Digital Native — Technostalgia

Why be so hostile to today’s “remix” culture?

September 23, 2011 05:04 pm | Updated 05:04 pm IST

I often run into people who are quite emotionally attached to Carnatic music. They look at the adoption of any new technology with the sort of suspicion that US Marines reserve for cars filled with Arabs driving towards security checkposts in Baghdad's green zone. Despite the fact that better microphone, mixing and speaker technologies have made concerts and recordings sound better than ever before, some of these chaps will still swear by the scratchy sound of an LP and the mellifluously soothing acoustics of those funnel shaped temple loudspeakers that were used back in the day.

I can understand this sort of Technostalgia (a fond, but irrational attachment to familiar technology from one's era) and a romantic attachment to music (and musicians) from a specific era, but when folks say “All this modern remix nonsense is not music at all. It's just a lazy copy- paste job”, it piques my interest. I can put up with informed elitism but misinformed elitism deserves a car bomb in Baghdad's green zone .

So what exactly is a “remix”? It is a repurposed version of someone else's creative output. Now what exactly did someone like Ariyakudi Ramanuja Iyengar do when he performed? He took, for instance, a Thyagaraja composition, preserved its basic melodic structure, including sangathi variations, blended in a bit of improv (“ niraval ”), prefixed it with an alapana where he indulged in what is actually a predictable exploration of the notes of the raga , and suffixed it with kalpanaswara , which some argue is proof of Carnatic music's vibrant creativity. But as a Carnatic violinist myself, I can assure you that most artistes don't really do “Kalpana” swara. They do “Kal Bana” (made yesterday) swara, all mugged-up and well-practised, very little real-time imagination.

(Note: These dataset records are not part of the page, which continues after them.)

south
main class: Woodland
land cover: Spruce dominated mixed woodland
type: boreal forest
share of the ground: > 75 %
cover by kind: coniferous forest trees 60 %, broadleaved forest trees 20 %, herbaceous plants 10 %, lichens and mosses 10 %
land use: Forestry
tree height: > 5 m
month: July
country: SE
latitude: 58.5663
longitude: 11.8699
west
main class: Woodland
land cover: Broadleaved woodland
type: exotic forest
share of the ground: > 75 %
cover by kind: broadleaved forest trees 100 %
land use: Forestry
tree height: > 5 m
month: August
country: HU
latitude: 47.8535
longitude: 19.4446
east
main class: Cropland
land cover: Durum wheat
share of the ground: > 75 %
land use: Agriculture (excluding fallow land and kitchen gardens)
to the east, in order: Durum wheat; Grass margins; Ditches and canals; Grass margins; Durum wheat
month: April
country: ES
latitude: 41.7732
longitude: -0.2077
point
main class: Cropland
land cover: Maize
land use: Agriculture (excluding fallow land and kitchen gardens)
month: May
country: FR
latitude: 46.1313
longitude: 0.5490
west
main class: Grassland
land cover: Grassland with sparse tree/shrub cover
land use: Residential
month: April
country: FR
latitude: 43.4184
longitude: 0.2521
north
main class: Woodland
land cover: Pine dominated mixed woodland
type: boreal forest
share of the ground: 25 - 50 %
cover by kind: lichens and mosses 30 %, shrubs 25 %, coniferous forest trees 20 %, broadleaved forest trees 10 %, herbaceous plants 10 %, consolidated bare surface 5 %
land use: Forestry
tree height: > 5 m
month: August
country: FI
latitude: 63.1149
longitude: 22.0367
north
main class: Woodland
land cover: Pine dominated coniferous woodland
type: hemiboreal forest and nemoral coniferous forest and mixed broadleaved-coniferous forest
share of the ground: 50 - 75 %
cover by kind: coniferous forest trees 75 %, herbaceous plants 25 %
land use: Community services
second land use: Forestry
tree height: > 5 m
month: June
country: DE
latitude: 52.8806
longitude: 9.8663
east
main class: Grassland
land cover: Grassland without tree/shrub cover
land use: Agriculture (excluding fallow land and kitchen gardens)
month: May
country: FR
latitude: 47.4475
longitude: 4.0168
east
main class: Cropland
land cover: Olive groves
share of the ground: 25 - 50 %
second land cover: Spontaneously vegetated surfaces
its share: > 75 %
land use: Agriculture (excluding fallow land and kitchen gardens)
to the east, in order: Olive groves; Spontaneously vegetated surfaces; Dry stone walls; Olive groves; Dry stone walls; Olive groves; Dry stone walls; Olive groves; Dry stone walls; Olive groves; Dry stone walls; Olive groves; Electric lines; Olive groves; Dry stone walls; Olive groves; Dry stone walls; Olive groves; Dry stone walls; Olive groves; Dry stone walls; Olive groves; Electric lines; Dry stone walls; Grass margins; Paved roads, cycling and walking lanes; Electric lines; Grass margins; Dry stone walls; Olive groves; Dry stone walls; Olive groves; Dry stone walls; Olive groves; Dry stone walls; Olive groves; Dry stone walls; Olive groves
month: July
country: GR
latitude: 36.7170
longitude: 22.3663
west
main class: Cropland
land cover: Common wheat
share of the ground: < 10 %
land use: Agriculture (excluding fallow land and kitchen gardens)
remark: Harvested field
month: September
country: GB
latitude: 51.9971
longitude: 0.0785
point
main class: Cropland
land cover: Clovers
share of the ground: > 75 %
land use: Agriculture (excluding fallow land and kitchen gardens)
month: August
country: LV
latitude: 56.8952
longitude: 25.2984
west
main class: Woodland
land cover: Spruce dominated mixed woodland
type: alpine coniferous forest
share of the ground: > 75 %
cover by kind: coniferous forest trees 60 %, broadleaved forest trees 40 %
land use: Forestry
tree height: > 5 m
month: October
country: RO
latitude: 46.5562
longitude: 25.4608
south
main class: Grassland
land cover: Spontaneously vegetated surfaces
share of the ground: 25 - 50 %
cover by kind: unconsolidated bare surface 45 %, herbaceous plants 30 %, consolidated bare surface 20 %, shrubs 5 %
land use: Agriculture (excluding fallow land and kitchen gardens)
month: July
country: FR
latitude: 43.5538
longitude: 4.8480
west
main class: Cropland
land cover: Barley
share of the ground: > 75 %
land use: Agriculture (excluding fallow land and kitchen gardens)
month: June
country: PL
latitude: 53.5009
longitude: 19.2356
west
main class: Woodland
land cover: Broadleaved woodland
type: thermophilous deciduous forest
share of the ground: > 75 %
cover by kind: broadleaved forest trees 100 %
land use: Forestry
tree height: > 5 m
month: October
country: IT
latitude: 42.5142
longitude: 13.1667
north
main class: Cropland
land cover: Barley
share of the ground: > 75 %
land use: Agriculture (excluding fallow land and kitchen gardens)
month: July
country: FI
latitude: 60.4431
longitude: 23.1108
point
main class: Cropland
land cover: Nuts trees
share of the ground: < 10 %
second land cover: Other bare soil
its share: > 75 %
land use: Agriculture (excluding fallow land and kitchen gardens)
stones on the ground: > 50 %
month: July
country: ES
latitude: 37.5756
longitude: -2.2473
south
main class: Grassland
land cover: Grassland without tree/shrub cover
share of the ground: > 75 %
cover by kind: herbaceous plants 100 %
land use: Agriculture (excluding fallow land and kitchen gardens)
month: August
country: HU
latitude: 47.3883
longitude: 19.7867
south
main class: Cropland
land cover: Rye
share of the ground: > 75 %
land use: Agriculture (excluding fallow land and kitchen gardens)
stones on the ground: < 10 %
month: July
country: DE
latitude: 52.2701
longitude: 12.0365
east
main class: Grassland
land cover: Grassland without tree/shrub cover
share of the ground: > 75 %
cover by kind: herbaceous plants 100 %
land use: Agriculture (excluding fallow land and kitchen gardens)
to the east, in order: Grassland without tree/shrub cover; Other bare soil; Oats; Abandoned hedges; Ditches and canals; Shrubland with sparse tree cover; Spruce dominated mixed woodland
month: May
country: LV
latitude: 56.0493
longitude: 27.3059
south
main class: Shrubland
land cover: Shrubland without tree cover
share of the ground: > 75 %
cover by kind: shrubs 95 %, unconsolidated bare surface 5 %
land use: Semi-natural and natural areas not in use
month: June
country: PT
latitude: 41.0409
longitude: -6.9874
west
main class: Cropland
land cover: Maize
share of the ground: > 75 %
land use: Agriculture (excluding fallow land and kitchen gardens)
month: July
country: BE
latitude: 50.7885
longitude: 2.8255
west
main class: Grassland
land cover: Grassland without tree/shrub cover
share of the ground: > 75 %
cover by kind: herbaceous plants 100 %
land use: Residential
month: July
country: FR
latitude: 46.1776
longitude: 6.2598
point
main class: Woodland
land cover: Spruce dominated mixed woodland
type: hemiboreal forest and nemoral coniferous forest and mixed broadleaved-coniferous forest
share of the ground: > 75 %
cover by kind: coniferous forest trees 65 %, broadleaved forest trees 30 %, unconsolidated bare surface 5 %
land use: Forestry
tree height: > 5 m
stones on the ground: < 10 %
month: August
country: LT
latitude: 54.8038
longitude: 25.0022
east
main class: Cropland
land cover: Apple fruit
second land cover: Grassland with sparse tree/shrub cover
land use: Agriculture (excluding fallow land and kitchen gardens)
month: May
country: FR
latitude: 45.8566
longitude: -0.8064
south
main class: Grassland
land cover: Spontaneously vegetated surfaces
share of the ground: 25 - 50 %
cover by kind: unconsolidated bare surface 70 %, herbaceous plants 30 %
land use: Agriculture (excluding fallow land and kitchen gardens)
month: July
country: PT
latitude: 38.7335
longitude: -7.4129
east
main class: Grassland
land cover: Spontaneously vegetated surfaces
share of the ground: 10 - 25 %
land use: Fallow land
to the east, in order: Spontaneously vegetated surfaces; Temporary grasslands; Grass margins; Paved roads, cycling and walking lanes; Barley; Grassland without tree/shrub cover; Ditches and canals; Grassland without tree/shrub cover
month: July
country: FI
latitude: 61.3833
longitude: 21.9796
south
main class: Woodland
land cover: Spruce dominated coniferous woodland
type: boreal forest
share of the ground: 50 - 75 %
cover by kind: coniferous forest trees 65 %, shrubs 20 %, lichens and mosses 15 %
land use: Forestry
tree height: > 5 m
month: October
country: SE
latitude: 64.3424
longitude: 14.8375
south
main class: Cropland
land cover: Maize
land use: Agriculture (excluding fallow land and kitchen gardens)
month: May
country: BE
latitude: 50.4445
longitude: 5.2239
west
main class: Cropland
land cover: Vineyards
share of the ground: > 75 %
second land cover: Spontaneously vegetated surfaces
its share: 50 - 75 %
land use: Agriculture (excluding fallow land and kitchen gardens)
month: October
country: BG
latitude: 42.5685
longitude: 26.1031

So before you misunderstand me, let me say that Ariyakudi was a remarkable genius, no doubt. My point was that even a Carnatic performance by a maestro like him, is, in essence, a remix performance. He is remixing previously created content as much as a DJ or a music director does. The difference is that the DJ uses software to make life a bit easier for himself. The Carnatic musician undergoes years of arduous practice and memorises a large number of phrases and melodic structures unique to specific raga s while the DJ uses pre-recorded, high-quality instrumental or percussive loops. So if you don't like “remixes”, you must therefore criticise Ariyakudi for not composing every song that he performed himself and for also not inventing new sangathis for every song at every performance. Since he does not do that, he is therefore a remix artist as well.

I can understand that we like to appreciate and glorify manual effort over technological augmentation. The painter who paints with real-world brushes and water colours is somehow, at least in our mind, doing something “more” than the digital artist who uses Adobe Illustrator. But when you think about it, it's a bit of a fallacy. It's like claiming that the rice produced by a farmer who uses a bull and a plough is somehow superior to rice produced by someone who uses a tractor.

Of course, it's not all that simple. It's unfair to insist that we must not judge the method of production (music or rice) and only consider the output. It's the classic means-vs-end debate. In many genres of music, the method is often an integral part of the experience. A blues musician from the Mississippi delta, with a twangy, broken guitar and a grainy sounding harmonica produces evocative music whose methods are a memory of slaves' suffering in the Americas. I therefore suspect that the methods, the setting, and the performance mechanics of a Carnatic concert similarly define it as a genre. But please, stop berating music produced by different means.